A surprising finding in our cluster analysis was that lacunes were common in two very different clusters. The first was the microbleeds SVD cluster with the most pronounced SVD pathology, pronounced microbleeds and worst clinical outcome. The second was a lacunar SVD cluster with favorable clinical outcome and, aside from the largest number of lacunes, medium WMH and EPVS. Accordingly, the number of lacunes was only weakly correlated with post-stroke outcome. Distinct pathologies underlying lacunes could explain this finding and, indeed, previous studies differentiated two types of lacunes.
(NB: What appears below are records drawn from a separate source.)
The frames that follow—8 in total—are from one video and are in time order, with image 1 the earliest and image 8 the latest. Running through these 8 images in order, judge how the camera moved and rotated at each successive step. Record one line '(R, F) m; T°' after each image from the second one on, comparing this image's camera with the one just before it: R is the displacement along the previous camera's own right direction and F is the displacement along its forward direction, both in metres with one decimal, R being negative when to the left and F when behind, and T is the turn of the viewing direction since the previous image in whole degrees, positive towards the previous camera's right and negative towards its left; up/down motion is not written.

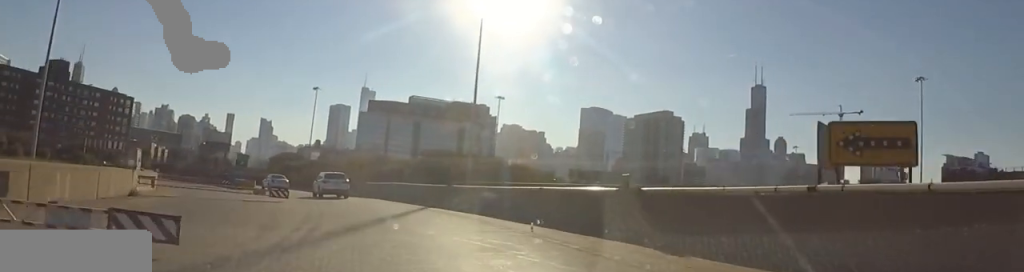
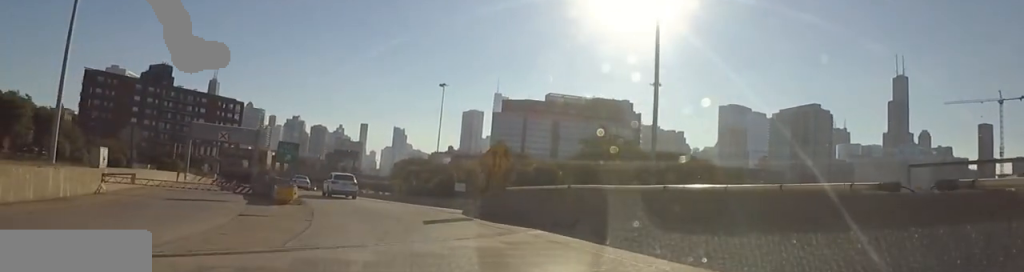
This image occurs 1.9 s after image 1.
(-3.3, +25.9) m; -10°
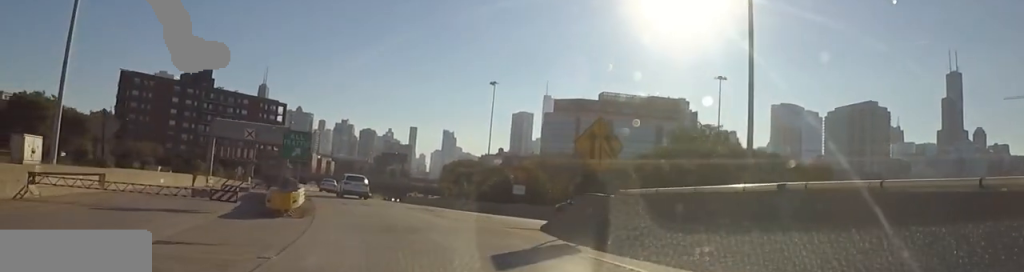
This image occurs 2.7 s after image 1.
(+0.3, +9.2) m; -4°
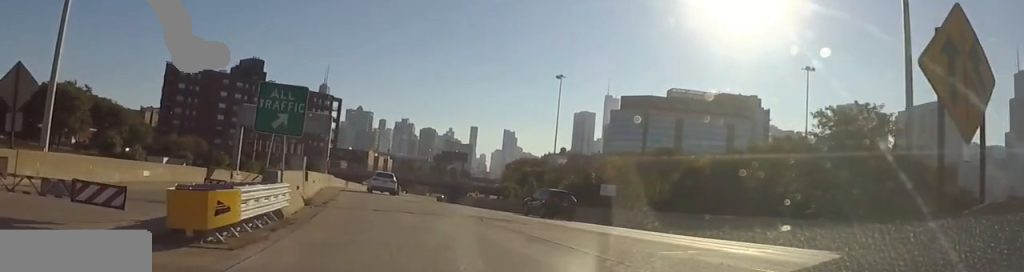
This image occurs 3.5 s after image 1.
(-1.2, +11.3) m; -6°
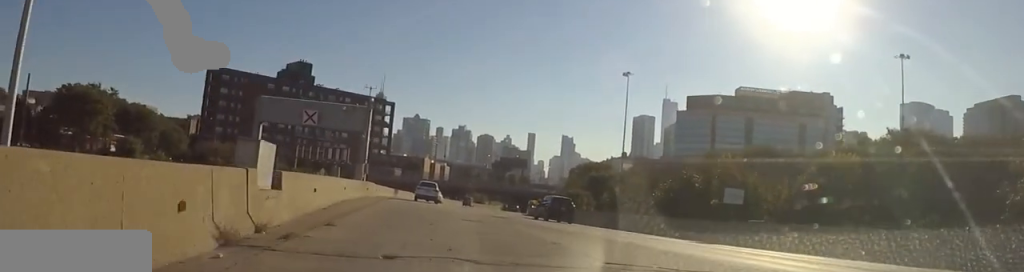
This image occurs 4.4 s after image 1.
(-0.4, +12.1) m; 0°
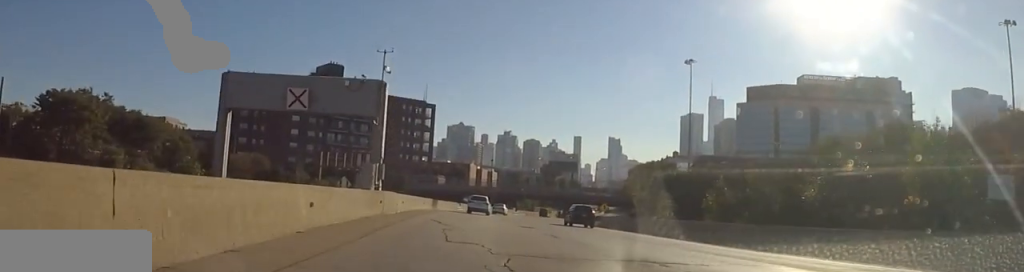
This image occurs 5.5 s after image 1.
(+0.3, +16.2) m; +1°
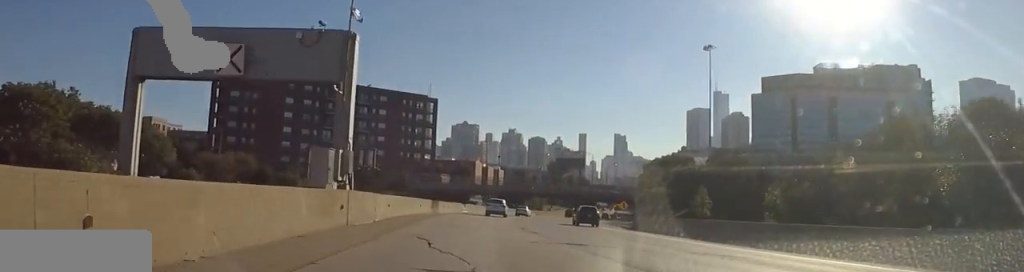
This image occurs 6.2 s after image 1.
(-0.1, +10.4) m; 0°
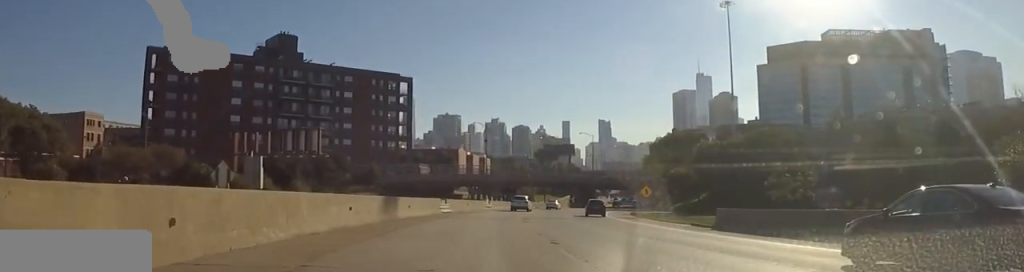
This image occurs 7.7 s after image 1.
(+0.2, +22.3) m; +6°
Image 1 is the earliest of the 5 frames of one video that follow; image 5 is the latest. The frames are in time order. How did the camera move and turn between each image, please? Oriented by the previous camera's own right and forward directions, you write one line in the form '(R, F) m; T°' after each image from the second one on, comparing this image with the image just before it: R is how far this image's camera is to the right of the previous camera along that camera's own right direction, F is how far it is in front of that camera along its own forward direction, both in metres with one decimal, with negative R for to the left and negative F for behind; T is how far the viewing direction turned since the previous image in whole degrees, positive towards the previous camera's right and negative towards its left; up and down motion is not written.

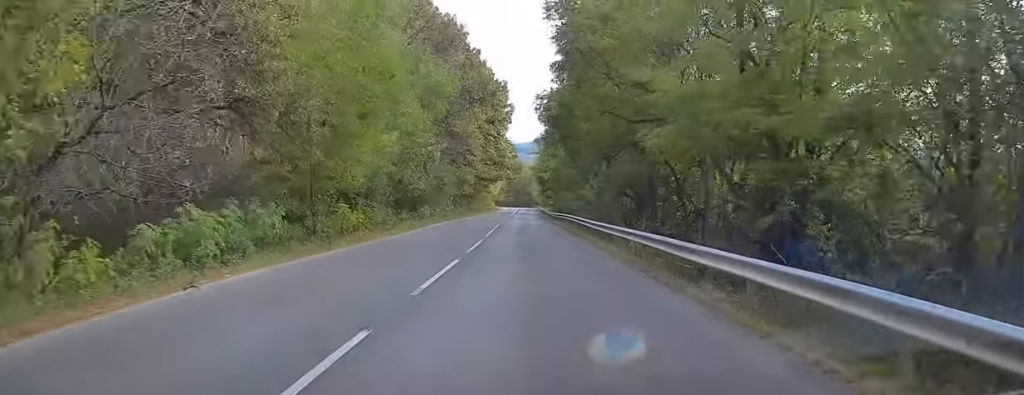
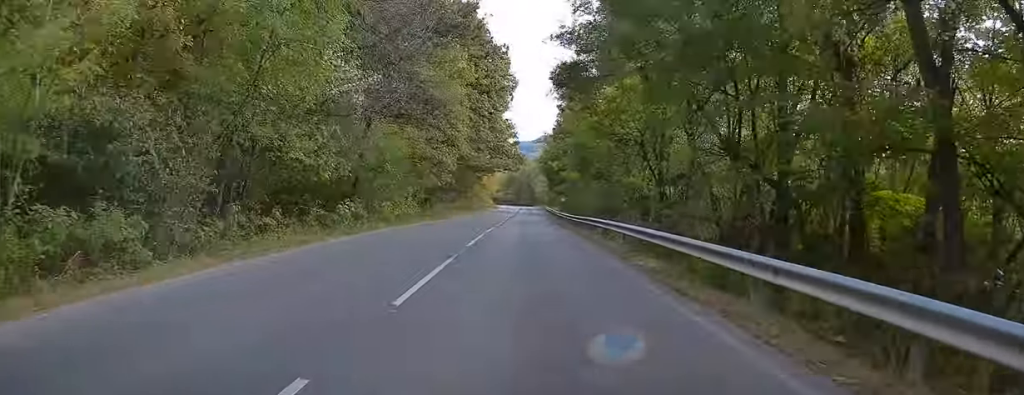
(-0.2, +20.4) m; 0°
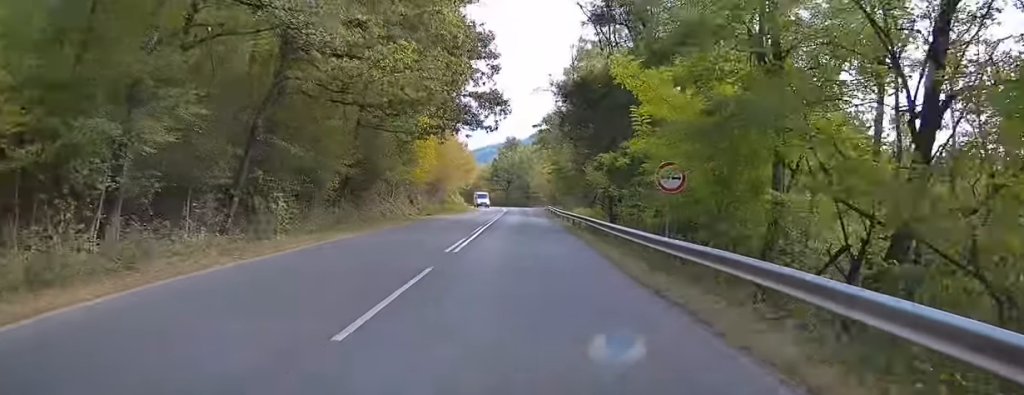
(+0.5, +47.5) m; +1°
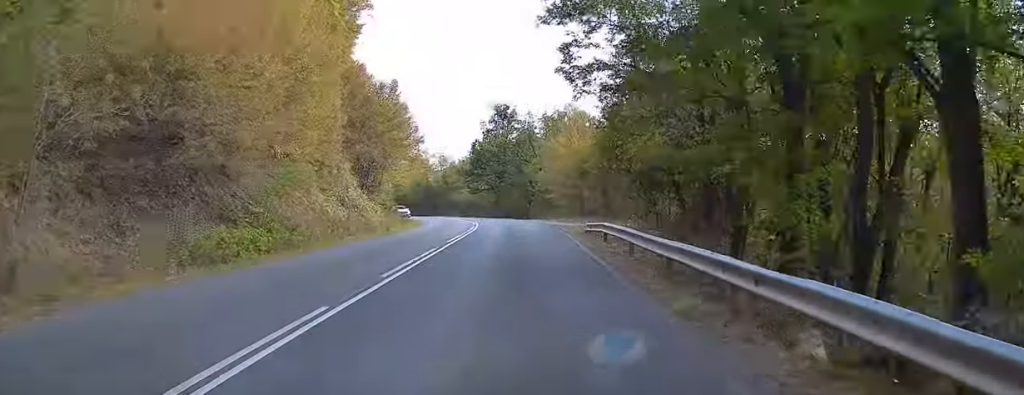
(-0.2, +49.9) m; -1°
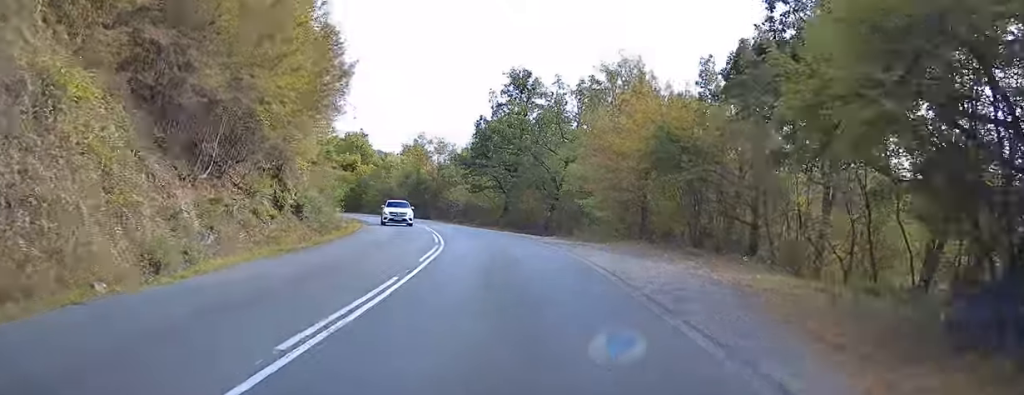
(-0.4, +23.3) m; -3°

They were identified to be either of a symptomatic type with a rather favorable outcome or a silent type with a less favorable clinical outcome and a high frequency of WMH [27, 28]. This sub-classification of lacunes may well explain our results and holds important implications for the diagnosis and study of SVD. Another study found that the location of lacunes differentiated hypertensive SVD and cerebral amyloid angiopathy in patients with intracerebral hemorrhage [29]. According to the present findings, without further differentiation of subtypes, lacunes appear to be limited as a diagnostic feature of SVD-related stroke outcome.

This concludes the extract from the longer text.